In a second phase, we also saw that mutex locking itself is not impacted. In the above case, we have 524288 executions. However, if we run the mutex workload this number of times, we see that this hardly has any effect:
$ sysbench --test=mutex --mutex-num=1 --mutex-locks=524288 --mutex-loops=0 run
Host: total time: 0.0275s
Guest: total time: 0.0286s
The code for the mutex workload, knowing that we run with one thread, looks like this:
mutex_locks = 524288
(start event timer)
do
lock = get_mutex()
thread_mutex_lock()
global_var++
thread_mutex_unlock()
mutex_locks--
until mutex_locks = 0;
(stop event timer)
To check if the timer might be the culprit, let's look for a benchmark that mainly does timer checks. The cpu workload can be used, when we tell sysbench that the prime to check is 3 (as its internal loop runs from 3 till the given number, and when the given number is 3 it skips the loop completely) and we ask for 524288 executions.
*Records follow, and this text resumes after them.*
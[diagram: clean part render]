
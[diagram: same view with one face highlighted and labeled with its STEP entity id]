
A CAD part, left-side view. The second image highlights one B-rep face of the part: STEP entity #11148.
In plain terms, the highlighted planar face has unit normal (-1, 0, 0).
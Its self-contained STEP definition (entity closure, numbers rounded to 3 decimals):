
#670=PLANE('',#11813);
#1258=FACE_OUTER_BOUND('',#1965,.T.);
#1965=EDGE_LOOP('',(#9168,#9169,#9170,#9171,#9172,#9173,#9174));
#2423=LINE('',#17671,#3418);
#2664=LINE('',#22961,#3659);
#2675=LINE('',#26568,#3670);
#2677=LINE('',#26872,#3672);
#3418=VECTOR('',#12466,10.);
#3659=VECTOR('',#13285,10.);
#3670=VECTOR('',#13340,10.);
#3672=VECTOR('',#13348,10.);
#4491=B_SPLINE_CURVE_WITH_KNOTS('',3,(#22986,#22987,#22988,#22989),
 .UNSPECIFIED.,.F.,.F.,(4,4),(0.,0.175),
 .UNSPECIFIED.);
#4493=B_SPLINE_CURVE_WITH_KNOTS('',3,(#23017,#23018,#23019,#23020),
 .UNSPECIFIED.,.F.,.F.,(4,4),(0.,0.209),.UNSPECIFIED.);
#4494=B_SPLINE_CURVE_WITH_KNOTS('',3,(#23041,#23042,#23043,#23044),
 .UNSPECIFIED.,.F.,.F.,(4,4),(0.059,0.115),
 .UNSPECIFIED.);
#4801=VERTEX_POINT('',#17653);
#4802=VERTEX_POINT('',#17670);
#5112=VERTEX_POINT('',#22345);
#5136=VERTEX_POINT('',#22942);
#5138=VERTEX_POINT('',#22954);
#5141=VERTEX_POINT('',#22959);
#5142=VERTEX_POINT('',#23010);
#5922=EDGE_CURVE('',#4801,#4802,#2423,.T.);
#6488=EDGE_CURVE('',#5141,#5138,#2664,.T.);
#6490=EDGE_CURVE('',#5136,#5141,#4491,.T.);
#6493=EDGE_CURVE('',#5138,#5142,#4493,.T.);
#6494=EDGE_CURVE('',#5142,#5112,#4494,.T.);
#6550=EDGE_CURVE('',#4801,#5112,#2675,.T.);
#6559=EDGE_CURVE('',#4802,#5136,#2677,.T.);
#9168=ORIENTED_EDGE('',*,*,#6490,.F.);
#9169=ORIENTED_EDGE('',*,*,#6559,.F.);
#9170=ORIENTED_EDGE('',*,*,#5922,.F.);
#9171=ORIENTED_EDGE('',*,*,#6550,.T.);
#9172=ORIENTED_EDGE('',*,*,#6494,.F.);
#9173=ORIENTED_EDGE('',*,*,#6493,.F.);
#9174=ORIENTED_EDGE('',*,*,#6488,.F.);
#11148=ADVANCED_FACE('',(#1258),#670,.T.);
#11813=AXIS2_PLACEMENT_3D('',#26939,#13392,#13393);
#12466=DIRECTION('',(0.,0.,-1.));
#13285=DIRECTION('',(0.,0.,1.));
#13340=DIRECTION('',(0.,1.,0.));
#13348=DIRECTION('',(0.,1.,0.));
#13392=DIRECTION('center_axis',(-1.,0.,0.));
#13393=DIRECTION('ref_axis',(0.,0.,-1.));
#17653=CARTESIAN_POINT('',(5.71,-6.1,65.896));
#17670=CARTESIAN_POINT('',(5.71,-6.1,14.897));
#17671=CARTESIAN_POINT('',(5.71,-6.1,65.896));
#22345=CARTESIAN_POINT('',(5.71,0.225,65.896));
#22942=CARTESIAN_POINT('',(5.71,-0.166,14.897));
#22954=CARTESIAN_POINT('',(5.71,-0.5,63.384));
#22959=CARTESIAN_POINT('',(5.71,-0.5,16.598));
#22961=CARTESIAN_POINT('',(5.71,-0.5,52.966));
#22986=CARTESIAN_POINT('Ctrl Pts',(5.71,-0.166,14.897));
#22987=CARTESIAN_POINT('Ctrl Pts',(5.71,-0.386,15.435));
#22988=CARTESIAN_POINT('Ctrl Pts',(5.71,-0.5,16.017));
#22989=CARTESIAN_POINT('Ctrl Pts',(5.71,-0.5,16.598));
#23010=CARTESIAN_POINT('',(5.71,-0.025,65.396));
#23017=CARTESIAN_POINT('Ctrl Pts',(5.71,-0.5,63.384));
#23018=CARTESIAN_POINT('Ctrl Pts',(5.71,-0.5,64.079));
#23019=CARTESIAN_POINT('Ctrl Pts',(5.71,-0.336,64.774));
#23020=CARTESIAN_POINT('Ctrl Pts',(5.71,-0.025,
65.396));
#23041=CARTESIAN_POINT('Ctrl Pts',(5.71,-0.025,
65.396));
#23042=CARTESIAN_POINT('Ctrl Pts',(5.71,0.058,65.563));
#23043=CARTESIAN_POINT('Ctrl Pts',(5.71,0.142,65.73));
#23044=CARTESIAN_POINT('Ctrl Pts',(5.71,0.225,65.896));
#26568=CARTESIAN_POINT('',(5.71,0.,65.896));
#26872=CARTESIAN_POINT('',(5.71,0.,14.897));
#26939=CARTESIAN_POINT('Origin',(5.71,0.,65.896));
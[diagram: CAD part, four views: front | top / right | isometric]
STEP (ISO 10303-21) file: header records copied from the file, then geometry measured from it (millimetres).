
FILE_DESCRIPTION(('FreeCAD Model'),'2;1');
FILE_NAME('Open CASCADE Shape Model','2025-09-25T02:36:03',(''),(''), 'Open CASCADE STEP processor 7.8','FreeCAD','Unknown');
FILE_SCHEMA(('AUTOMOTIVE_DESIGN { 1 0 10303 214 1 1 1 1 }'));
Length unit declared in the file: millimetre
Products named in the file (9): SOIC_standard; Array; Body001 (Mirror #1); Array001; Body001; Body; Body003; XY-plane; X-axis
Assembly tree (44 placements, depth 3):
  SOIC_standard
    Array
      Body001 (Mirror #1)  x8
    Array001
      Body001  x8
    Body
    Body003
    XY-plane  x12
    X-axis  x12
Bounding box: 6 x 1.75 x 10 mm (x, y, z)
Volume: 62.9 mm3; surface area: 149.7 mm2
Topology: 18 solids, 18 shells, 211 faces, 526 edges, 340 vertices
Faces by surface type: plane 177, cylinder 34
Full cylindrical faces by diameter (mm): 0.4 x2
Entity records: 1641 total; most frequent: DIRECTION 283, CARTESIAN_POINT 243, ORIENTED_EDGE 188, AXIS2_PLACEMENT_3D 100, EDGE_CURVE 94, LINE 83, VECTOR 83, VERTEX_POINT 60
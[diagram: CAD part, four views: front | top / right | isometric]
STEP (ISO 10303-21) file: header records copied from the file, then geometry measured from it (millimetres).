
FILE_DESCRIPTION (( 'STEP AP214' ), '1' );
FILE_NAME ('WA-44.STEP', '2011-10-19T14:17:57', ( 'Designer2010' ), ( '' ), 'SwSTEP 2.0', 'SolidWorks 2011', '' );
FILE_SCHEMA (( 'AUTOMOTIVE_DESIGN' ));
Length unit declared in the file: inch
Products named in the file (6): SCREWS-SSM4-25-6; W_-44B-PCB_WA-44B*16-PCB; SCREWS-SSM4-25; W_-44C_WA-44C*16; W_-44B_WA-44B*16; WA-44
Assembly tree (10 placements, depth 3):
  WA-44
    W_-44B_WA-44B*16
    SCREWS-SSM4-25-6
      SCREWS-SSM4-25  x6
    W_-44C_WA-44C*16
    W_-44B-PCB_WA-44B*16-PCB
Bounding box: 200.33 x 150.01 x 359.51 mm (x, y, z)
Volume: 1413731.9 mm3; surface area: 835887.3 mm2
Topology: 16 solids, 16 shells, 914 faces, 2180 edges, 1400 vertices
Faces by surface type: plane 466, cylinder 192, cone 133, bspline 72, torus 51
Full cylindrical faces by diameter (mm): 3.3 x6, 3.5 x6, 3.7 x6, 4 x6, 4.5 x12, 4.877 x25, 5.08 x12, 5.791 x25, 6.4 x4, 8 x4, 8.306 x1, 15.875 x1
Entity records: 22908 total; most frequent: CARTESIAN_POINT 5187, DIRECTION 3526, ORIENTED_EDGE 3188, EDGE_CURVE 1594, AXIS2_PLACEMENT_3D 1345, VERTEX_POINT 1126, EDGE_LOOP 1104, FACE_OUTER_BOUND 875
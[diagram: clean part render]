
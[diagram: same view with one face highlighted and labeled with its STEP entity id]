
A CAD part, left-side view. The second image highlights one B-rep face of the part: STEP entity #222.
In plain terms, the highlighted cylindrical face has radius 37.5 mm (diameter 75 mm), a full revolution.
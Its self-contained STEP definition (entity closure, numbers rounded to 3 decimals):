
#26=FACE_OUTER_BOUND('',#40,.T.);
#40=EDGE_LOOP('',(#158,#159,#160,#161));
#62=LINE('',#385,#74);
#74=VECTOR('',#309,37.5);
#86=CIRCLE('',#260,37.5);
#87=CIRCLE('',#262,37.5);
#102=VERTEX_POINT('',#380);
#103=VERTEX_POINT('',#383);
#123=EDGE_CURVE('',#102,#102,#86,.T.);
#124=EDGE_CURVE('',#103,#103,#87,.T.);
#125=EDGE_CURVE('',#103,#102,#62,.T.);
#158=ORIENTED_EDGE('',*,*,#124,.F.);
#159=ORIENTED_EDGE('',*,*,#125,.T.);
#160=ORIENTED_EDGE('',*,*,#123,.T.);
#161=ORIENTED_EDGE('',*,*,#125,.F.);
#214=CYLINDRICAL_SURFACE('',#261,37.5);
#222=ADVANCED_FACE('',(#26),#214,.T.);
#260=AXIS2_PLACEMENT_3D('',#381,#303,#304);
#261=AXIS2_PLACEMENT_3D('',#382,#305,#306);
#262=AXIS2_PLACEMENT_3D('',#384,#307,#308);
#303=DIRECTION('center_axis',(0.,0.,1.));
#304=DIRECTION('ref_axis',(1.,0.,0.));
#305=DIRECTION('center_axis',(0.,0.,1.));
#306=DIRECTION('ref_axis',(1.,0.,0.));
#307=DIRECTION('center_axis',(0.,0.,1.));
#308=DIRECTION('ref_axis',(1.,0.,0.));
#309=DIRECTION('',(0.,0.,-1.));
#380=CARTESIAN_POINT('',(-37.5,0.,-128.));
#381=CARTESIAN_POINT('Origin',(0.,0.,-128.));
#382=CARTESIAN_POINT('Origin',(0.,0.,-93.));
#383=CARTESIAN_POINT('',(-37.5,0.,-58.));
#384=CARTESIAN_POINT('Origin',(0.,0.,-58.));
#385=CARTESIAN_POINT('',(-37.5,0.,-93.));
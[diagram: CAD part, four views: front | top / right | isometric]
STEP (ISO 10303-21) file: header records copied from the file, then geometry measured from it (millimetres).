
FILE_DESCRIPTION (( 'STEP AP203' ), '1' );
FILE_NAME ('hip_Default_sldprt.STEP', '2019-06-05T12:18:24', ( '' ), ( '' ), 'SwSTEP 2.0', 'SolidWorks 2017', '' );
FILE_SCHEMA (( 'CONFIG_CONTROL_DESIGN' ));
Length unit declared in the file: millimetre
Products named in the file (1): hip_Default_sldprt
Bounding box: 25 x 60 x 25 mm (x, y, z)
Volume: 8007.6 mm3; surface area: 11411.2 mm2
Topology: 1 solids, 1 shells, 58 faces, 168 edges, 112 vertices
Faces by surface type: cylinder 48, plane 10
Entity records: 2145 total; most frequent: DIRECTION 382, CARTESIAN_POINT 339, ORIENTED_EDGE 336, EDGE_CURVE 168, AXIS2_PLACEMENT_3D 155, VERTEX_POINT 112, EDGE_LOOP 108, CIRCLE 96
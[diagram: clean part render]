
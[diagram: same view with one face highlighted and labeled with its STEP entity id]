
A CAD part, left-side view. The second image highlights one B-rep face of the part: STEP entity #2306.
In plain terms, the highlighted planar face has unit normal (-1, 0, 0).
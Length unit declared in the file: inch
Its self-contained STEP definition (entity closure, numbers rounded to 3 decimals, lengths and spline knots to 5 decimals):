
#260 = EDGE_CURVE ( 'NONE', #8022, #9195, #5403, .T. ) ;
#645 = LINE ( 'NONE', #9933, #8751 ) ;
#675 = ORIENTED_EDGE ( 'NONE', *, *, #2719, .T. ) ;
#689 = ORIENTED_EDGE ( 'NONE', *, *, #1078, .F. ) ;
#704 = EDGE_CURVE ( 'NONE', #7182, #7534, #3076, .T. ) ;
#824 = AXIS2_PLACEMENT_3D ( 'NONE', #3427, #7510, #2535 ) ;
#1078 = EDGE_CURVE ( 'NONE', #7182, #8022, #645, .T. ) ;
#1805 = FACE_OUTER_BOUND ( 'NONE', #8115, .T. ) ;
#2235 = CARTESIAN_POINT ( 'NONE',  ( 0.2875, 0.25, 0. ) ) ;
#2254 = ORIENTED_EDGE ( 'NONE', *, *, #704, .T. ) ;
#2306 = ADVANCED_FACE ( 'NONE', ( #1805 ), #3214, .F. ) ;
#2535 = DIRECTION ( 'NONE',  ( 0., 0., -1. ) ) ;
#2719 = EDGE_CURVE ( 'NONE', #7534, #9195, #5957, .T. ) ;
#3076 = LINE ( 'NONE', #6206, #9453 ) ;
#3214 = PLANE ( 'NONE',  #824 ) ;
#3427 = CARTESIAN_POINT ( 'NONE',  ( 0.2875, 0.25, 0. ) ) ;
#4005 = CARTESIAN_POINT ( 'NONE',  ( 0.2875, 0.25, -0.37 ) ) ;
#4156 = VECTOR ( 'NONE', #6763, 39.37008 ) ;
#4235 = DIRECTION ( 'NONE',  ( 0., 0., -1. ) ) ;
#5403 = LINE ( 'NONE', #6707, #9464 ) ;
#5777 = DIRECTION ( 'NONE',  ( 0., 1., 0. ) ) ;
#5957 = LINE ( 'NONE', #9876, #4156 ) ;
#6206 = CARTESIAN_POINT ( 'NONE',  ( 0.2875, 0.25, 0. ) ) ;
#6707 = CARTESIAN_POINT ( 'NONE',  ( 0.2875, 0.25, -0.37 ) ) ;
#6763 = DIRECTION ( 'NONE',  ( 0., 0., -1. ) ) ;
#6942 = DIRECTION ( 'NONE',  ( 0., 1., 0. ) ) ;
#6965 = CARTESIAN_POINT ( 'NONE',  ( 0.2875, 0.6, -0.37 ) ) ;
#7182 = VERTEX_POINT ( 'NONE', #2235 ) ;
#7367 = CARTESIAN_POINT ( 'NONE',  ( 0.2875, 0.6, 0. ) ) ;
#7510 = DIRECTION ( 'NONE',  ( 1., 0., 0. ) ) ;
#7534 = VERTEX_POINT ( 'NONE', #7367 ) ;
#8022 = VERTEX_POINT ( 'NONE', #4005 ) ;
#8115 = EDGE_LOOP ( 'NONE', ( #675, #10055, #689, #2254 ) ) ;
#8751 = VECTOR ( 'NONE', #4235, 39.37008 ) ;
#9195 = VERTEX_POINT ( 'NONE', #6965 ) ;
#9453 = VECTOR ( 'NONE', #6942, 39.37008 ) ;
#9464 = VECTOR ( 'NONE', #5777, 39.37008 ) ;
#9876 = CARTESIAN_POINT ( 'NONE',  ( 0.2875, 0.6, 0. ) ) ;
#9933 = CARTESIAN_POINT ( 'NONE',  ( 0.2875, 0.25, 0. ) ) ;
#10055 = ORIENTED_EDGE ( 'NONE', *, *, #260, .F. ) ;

$ sysbench --test=cpu --cpu-max-prime=3 --max-requests=524288 run
Host: total time: 0.1640s
Guest: total time: 21.0306s
Gotcha! Now, the event timer (again from looking at the code) contains
two parts: getting the current time (using clock_gettime()
) and
logging the start/stop (which is done in memory structures). Let's make
a small test application that gets the current time (using the real-time
clock as the sysbench application does) and see if we get similar
results:
$ cat test.c
#include <stdio.h>
#include <time.h>
int main(int argc, char **argv, char **arge) {
struct timespec tps;
long int i = 524288;
while (i-- > 0)
clock_gettime(CLOCK_REALTIME, &tps);
}
$ gcc -lrt -o test test.c
$ time ./test
Host: 0m0.019s
Guest: 0m5.030s
So given that the clock_gettime()
is ran twice in the sysbench, we
already have 10 seconds of overhead on the guest (and only 0,04s on the
host). When such time-related functions are slow, it is wise to take a
look at the clock source configured on the system. On Linux, you can
check this by looking at /sys/devices/system/clocksource/*
.
# cd /sys/devices/system/clocksource/clocksource0
# cat current_clocksource
kvm-clock
# cat available_clocksource
kvm-clock tsc hpet acpi_pm
Although kvm-clock is supposed to be the best clock source, let's switch to the tsc clock:
# echo tsc > current_clocksource
If we rerun our test application, we get a much more appreciative result:
$ time ./test
Host: 0m0.019s
Guest: 0m0.024s
So, what does that mean for our previous benchmark results?
$ sysbench --test=cpu --cpu-max-prime=20000 run
Host: 35,3049 sec
Guest (before): 36,5582 sec
Guest (now): 35,6416 sec
$ sysbench --test=fileio --file-total-size=6G --file-test-mode=rndrw --max-time=300 --max-requests=0 --file-extra-flags=direct run
Host: 1,8424 MB/sec
Guest (before): 1,5591 MB/sec
Guest (now): 1,5912 MB/sec
$ sysbench --test=memory --memory-block-size=1M --memory-total-size=10G run
Host: 3959,78 MB/sec
Guest (before) 3079,29 MB/sec
Guest (now): 3821,89 MB/sec
$ sysbench --test=threads --num-threads=128 --max-time=10s run
Host: 9765 executions
Guest (before): 512 executions
Guest (now): 529 executions
So we notice that this small change has nice effects on some of the tests. The CPU benchmark improves from 3,55% overhead to 0,95%; fileio is the same (from 15,38% to 13,63%), memory improves from 22,24% overhead to 3,48% and threads remains about status quo (from 94,76% slower to 94,58%).
That doesn't mean that the VM is now suddenly faster or better than before - what we changed was how fast a certain time measurement takes, which the benchmark software itself uses rigorously. This goes to show how important it is to
- understand fully how the benchmark software works and measures
- realize the importance of access to source code is not to be misunderstood
- know that performance benchmarks give figures, but do not tell you how your users will experience the system
That's it for the sysbench benchmark for now (the MySQL part will need to wait until a later stage).